ボルカー(読み)ぼるかー(英語表記)Paul Volcker

日本大百科全書(ニッポニカ) 「ボルカー」の意味・わかりやすい解説

ボルカー
ぼるかー
Paul Volcker
(1927―2019)

20世紀後半を代表するアメリカのセントラルバンカー、経済官僚。アメリカの連邦準備制度理事会(FRB議長を1979年から1987年まで務め、物価基軸通貨であるドル相場の安定に努め、世界の経済界から「ドルの守護神」とよばれた。カーター政権下で2桁(けた)台に達していていた悪性インフレ征圧、対外債務問題が表面化した1980年代の中南米金融危機に際しては、主要国・国際金融界の要として、救済策のとりまとめに活躍した。

 1927年アメリカのニュージャージー州ケープ・メイで誕生。1949年にプリンストン大学を卒業、卒業論文はFRBの研究であった。その後、ハーバード大学大学院へ進み、ロンドン・スクール・オブ・エコノミックス(LSE)に留学した。1952年にニューヨーク連邦準備銀行へ入行。チェースマンハッタン銀行(現、JPモルガン・チェース)を経て、1961年財務次官補、1965年から1969年までチェース・マンハッタン銀行副頭取を務めた。

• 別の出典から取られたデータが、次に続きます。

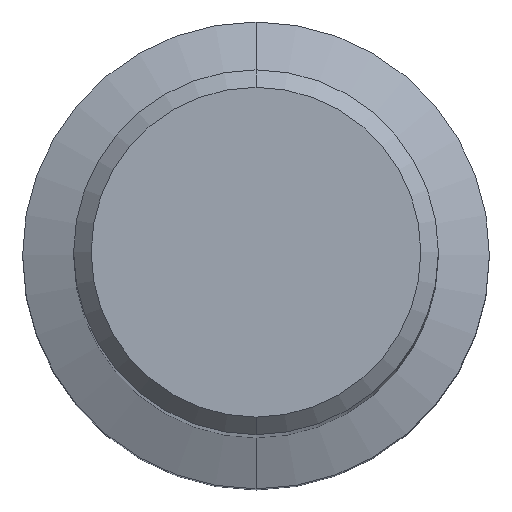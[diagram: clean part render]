
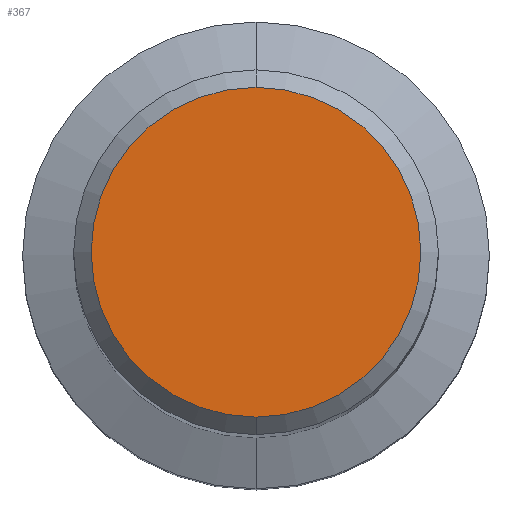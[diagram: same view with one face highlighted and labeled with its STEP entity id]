
A CAD part, top view. The second image highlights one B-rep face of the part: STEP entity #367.
In plain terms, the highlighted planar face has unit normal (0, 0, 1).
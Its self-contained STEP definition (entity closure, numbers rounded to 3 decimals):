
#309=VERTEX_POINT('',#681);
#331=EDGE_CURVE('',#391,#309,#705,.T.);
#367=ADVANCED_FACE('',(#742),#743,.T.);
#391=VERTEX_POINT('',#768);
#425=EDGE_CURVE('',#309,#391,#805,.T.);
#681=CARTESIAN_POINT('',(0.0,5.65,0.0));
#705=CIRCLE('',#1298,5.65);
#742=FACE_OUTER_BOUND('',#1349,.T.);
#743=PLANE('',#1350);
#768=CARTESIAN_POINT('',(0.,-5.65,0.0));
#805=CIRCLE('',#1450,5.65);
#1298=AXIS2_PLACEMENT_3D('',#1894,#1895,#1896);
#1349=EDGE_LOOP('',(#1933,#1934));
#1350=AXIS2_PLACEMENT_3D('',#1935,#1936,#1937);
#1450=AXIS2_PLACEMENT_3D('',#1992,#1993,#1994);
#1894=CARTESIAN_POINT('',(0.0,0.0,0.0));
#1895=DIRECTION('',(0.0,0.0,-1.0));
#1896=DIRECTION('',(0.0,1.0,0.0));
#1933=ORIENTED_EDGE('',*,*,#425,.F.);
#1934=ORIENTED_EDGE('',*,*,#331,.F.);
#1935=CARTESIAN_POINT('',(0.0,2.825,0.0));
#1936=DIRECTION('',(-0.0,0.0,1.0));
#1937=DIRECTION('',(0.0,-1.0,0.0));
#1992=CARTESIAN_POINT('',(0.0,0.0,0.0));
#1993=DIRECTION('',(0.0,0.0,-1.0));
#1994=DIRECTION('',(0.0,1.0,0.0));

 1969年から1974年まで財務次官、1975年から1979年までニューヨーク連銀総裁を歴任し、アメリカの金・ドル交換停止(ニクソン・ショック)、主要通貨の変動相場制への移行、オイル・ショックなど戦後経済史の主要なできごと第一線の経済・金融担当者として立ち会った。

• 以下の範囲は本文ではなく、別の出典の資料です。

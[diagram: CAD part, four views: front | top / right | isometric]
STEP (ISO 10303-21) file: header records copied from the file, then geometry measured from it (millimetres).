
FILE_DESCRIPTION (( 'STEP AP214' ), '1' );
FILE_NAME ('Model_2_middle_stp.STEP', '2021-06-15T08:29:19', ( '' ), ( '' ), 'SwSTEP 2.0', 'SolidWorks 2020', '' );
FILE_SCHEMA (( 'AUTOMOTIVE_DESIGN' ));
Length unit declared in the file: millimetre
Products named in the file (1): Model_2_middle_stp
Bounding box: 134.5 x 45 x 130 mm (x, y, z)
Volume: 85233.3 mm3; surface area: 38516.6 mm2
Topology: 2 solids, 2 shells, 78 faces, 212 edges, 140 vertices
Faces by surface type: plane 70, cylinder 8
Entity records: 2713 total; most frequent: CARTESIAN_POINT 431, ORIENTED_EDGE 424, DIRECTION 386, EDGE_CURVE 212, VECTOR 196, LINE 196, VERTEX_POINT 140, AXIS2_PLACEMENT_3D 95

 1979年から1987年までのFRB議長時代には、大胆な金融引締めを断行し、アメリカ経済を悩ませてきたインフレを抑制するのに成功。また、行き過ぎたドル高を是正するため、1985年のプラザ合意達成に尽力した。市場の信任は厚かったが、財政赤字の削減などを訴え続け、時のレーガン政権とも対立、2期務めたFRB議長職をグリーンスパンに引き継いだ。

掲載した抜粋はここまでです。